Sonatype's open source repository manager, Nexus, was the first repository manager to define a standard format for a repository index. We didn't just define a product with a search feature, we set out to define the standard. Using this model, servers like Maven Central and other popular open source forge repositories would periodically index repository contents and present clients with an index. Instead of downloading Terabytes of data from the internet, your Maven client, your IDE, your repository manager could download an optimized index containing all of the metadata about artifacts in the repository.

This innovation also had the effect of offloading the responsibility from your repository manager. If you want to search the repository, you don't have to set aside a few days for your own instance to crawl Terabytes of data. Maven Central is indexed once, in a central location, and the world saves zillions of CPU cycles because of that fact.

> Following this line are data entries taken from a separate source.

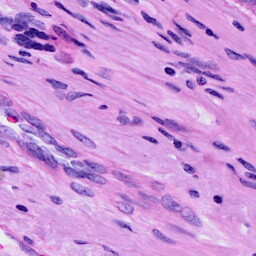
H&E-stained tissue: Cervix
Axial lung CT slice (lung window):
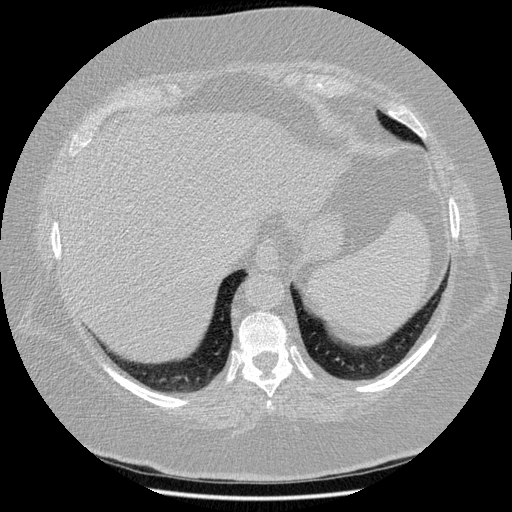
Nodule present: no
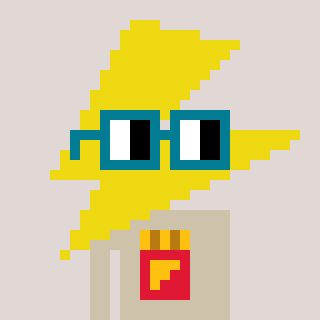
a pixel art character with square dark green glasses, a lightning bolt-shaped head and a bege-colored body on a warm background
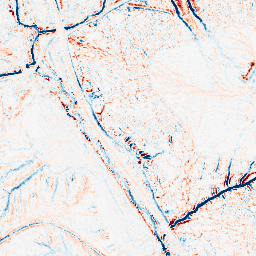
Category: edge_preserving
Decomposition family: median
Decomposition parameters: size: 7
Upsampling method: sinc_blackman
Upsampling parameters: scale: 4
kernel_size: 16
Upsampling scale: 4
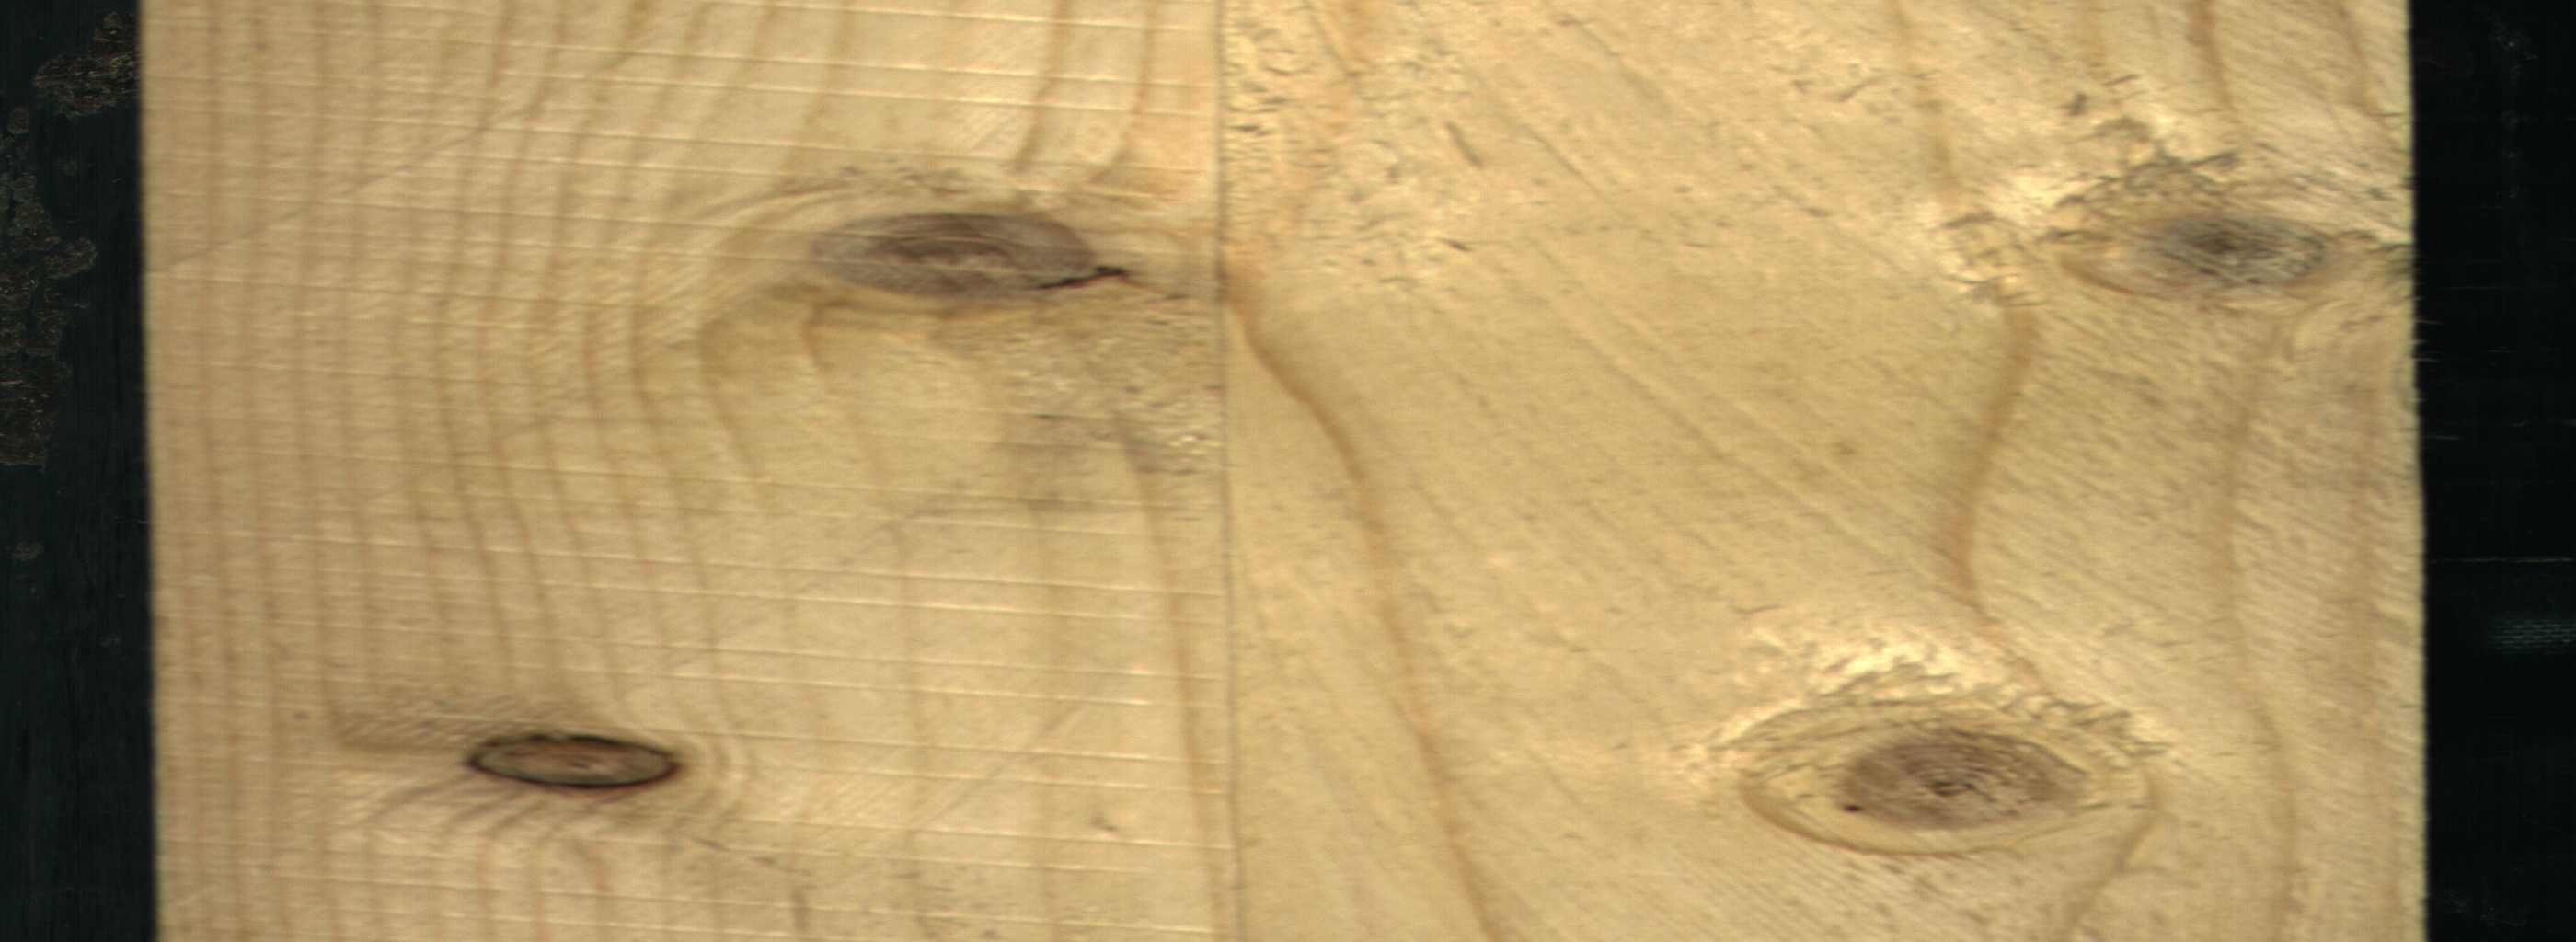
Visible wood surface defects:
Dead_Knot
Live_Knot
Live_Knot
Live_Knot
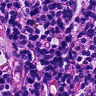
Metastatic tissue present: no
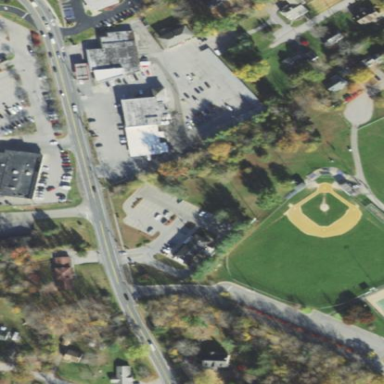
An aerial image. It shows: Baseball pitch for leisure land.
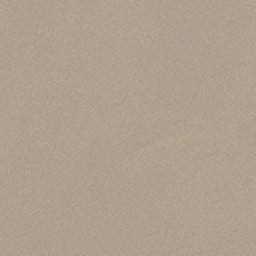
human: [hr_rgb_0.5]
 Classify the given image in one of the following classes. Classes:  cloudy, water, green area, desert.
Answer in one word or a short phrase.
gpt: desert
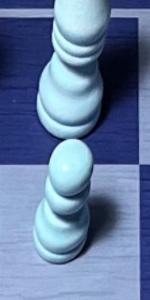
Label: Pawn_White
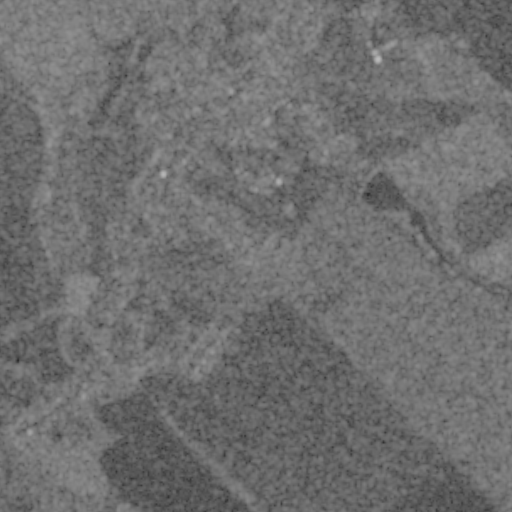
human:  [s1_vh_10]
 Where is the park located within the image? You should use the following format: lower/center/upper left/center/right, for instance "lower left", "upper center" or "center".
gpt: The park is located in the upper center of the image.
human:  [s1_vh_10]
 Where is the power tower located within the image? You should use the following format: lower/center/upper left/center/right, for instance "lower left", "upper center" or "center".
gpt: There is no power tower in the image.

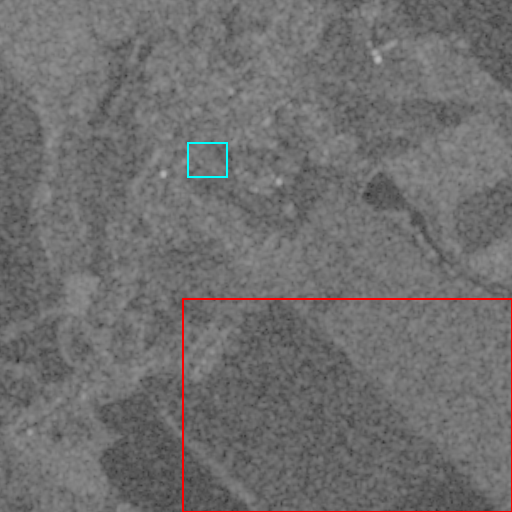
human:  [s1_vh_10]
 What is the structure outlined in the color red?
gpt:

The Nexus Indexer was an immediate success, the index format was created on a weekly schedule on Maven Central. Sonatype carved out the Nexus Indexer as a separate component, released it under a very conservative, BSD-style license, doing all we could to make sure that everyone interacting with the repository could read this format. Very quickly all of the repository managers on the market could both read from and write to a Nexus Index. For example, Archiva now relies on the NexusIndexer, and will likely move to the Maven Indexer.

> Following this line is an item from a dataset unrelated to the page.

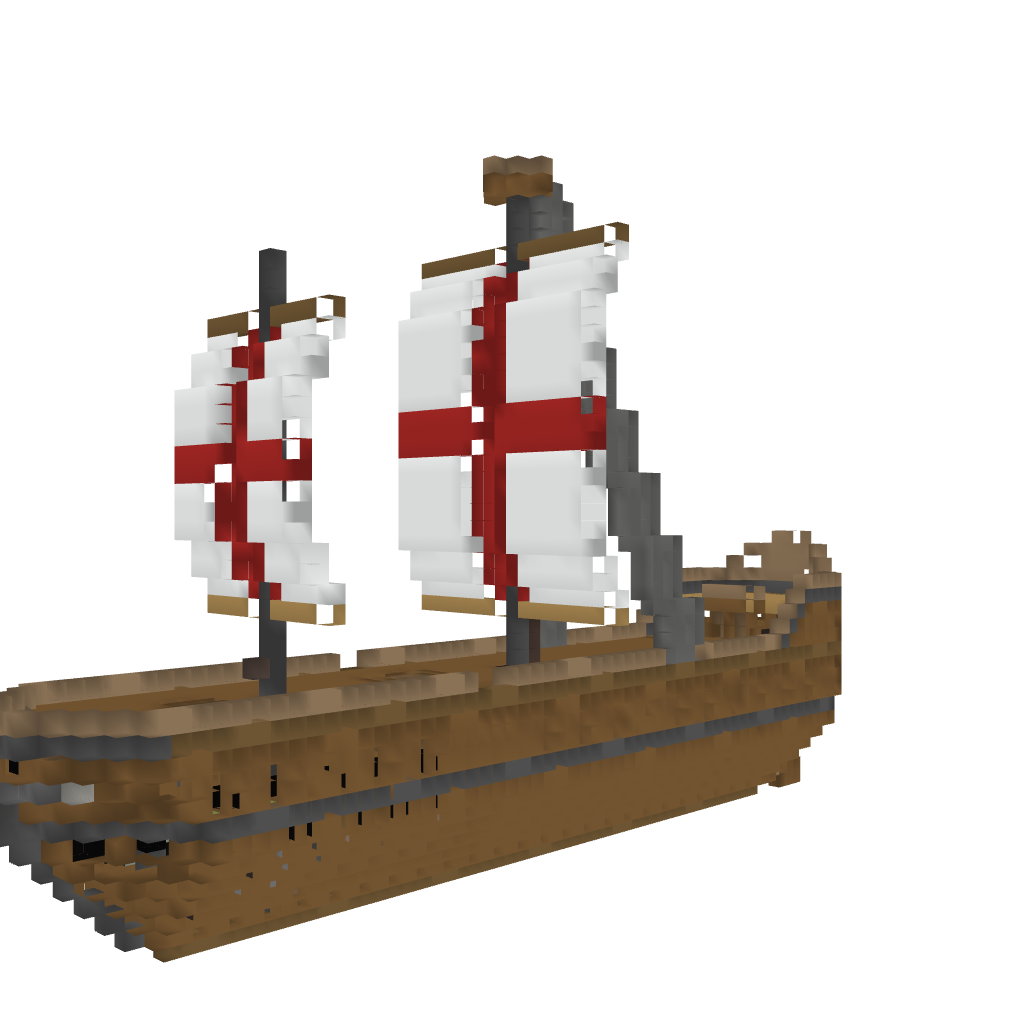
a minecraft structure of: HMS Spirit of Fire

Donating Nexus Indexer to the Maven Project

As this index format became more widespread through the Maven ecosystem and more generalized for other languages and systems. Sonatype thought it made perfect sense to remove any direct association with Nexus. It was becoming a part of the foundational infrastructure for the community, and, in a decision that might make some executive's heads spin with disbelief, we donated it to the Maven community. We gave it away.

For something this low-level, this important to the community, it didn't make any sense for Sonatype to hold on to this resource. The Nexus Indexer is now called the Maven Indexer and the code behind this index is now a part of the Apache Maven project.

At Sonatype, we understand the role we play in supporting the universal infrastructure that enables the world to develop and collaborate. We also understand how important it is to ensure that something as important as the index format be truly open: managed by an active and healthy community, free of difficult licensing questions, and unencumbered by patent concerns.

Next Up: Nexus OSS 1.9, Now with the Maven Index

To complete the circle of our successful transition of the Nexus Indexer to the Apache Maven project, we're announcing that the next version of Nexus is one of the first projects to incorporate the newly minted Maven Indexer. Stay tuned.